O crescimento econômico e o mercado de capitais
Ricardo Junqueira - Valor Online
A atual discussão econômica é a direção do fluxo de capital. Contrariando o conceito clássico econômico, o capital está migrando dos países ricos para os países em desenvolvimento. Em resumo, o processo de globalização e especialização transfere a produção industrial para os países mais pobres que conseguem aumentar suas reservas, e que, por sua vez, financiam os déficits dos países desenvolvidos.
A situação nos traz um equilíbrio instável: o desenvolvimento do mercado interno dos países emergentes reduziria o financiamento dos déficits de países ricos, que sofreriam ajustes nos preços e no nível de atividade. No entanto, pesquisas mostram que o desenvolvimento do mercado interno dos países emergentes ainda é baixo apesar do aumento do fluxo de capital externo.
O estudo de Prasad, Rajan e Subramanian, do Departamento de Pesquisa do Fundo Monetário Internacional (FMI), sugere que a ineficiência do mercado de capitais desses países resulta em baixas taxas de crescimento do mercado interno, em conseqüência da má distribuição de capital. Infelizmente, o Brasil faz parte deste rol de países, apesar de termos um mercado financeiro desenvolvido, herança de duas décadas de inflação. O que explicaria, no caso, a percepção de ineficiência do mercado de capitais brasileiro? Três razões reforçam esta idéia.

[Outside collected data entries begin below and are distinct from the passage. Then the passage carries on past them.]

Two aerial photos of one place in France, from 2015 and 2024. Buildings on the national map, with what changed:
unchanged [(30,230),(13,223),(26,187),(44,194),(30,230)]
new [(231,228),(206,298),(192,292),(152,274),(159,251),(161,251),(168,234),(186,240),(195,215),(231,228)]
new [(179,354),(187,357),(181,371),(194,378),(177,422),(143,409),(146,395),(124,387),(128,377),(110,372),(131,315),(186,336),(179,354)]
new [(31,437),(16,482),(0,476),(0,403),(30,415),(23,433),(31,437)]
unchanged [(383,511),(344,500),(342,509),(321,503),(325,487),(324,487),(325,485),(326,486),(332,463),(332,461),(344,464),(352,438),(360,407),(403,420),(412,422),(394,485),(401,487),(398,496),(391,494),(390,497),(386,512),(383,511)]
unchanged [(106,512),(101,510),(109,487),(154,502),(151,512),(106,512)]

A primeira é o tamanho do governo que, além de grande, mantém um orçamento engessado que tem de ser financiado a qualquer custo. Para ser financiado, tem de manter uma demanda cativa. O exemplo mais recente de eliminar a concorrência foi a isenção dos investidores estrangeiros em pagar o imposto sobre juros dos títulos públicos federais. Logo, um título privado tem de adicionar a seu rendimento a parcela correspondente a parcela correspondente à alíquota sobre o imposto de ganho de capital para se equiparar ao título público federal.

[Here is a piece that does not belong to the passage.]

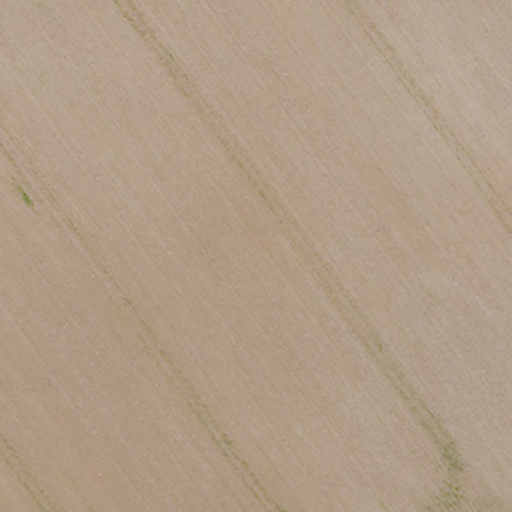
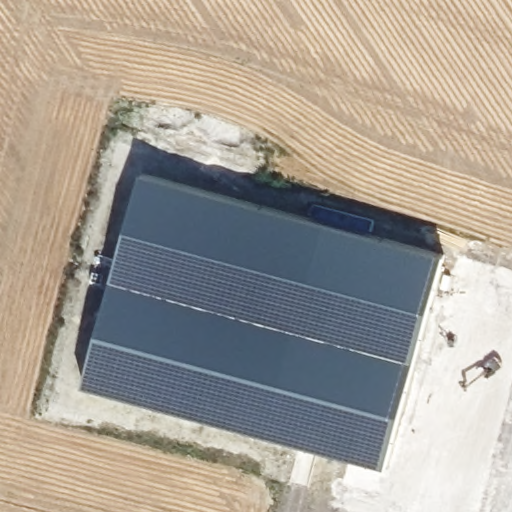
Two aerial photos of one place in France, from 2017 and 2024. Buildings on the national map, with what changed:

A segunda é a falta de transparência das empresas, que apesar da atuação da Comissão de Valores Mobiliários (CVM) cada dia mais vigilante e equipada e a campanha da Bovespa em aumentar a governança corporativa, as empresas de uma forma geral não compreenderam que o aumento da transparência reduz o custo de capital, principalmente nas empresas de pequeno e médio porte, que alimentam o ranço de que governança é privilégio de grandes empresas.
A terceira a razão é que não existe no Brasil um mercado de títulos vencidos. A legislação brasileira ainda não sabe o que fazer com um título privado em "default", isto é, percebido pela Instrução 409, que rege os fundos de investimentos, que não permite manter posição em um título vencido e exige que a negociação dos ativos seja realizada nas bolsas, retirando dos livros de negociação os títulos vencidos, que passam a ser créditos diretos contra a empresa emissora, de difícil negociação. Em resumo, se for difícil sair da posição, por que entrar?

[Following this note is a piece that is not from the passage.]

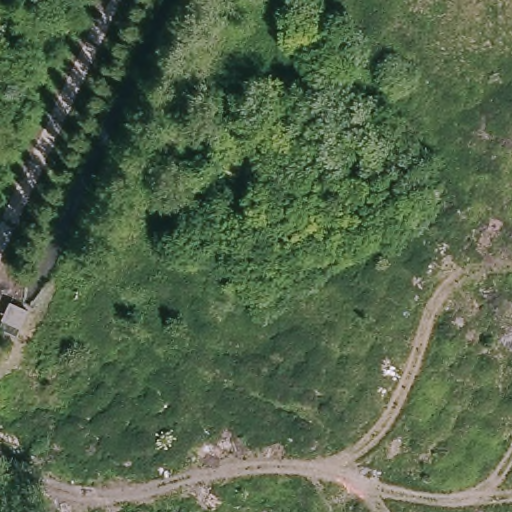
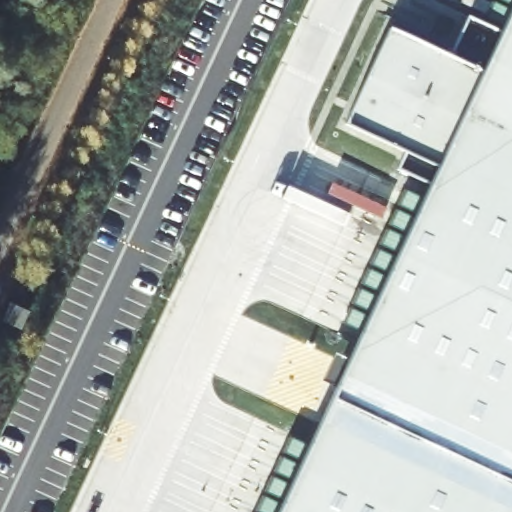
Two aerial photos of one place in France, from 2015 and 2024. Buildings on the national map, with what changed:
new [(347,114),(390,20),(452,50),(468,11),(497,26),(509,0),(512,0),(512,512),(271,512),(436,157),(347,114)]
unchanged [(31,312),(22,330),(4,321),(12,303),(16,305),(31,312)]

Apesar do mercado financeiro brasileiro ter uma estrutura desenvolvida, comprovada pelos sistemas de custódia privado e público melhores do que os usados pelos sistemas internacionais, a capacidade do sistema bancário fazer encontro de contas em 24 horas e da diversidade de instrumentos financeiros brasileiros em relação a seus países pares no cenário global, ter instrumentos financeiros desenvolvidos em relação aos seus pares no cenário global, o nosso mercado de capitais privado não é desenvolvido.
Todo esse aparato nasceu da necessidade de financiar o aumento do tamanho do governo ao longo das décadas. O crescimento do setor privado foi latente e paralelo a essa necessidade, já que o maior tomador de recursos, durante décadas e décadas, foi o governo federal. Sob esta ótica, o que temos são ferramentas de financiamento público federal desenvolvidos, mas não um mercado de capitais forte, que ainda necessita de uma cultura empresarial mais voltada para o investidor e uma legislação que facilite a negociação de ferramentas de financiamento do setor privado.
Essa conjugação de fatores reduz a demanda por títulos privados, porém a experiência de um mercado de títulos existe e a conclusão em relação à tese do trabalho mencionado é que, desatando os nós - e com os mecanismos que já possuímos - o crescimento do nosso mercado interno seria rápido. Teríamos, enfim, chances de alcançar um crescimento sustentado.
O fortalecimento do mercado de capitais possibilita a absorção de recursos que iriam financiar déficits de outros países. Com isso, teríamos a geração de empregos, maior consumo interno, poupança crescente para geração de investimentos, possibilitando alcançar o crescimento auto-sustentado.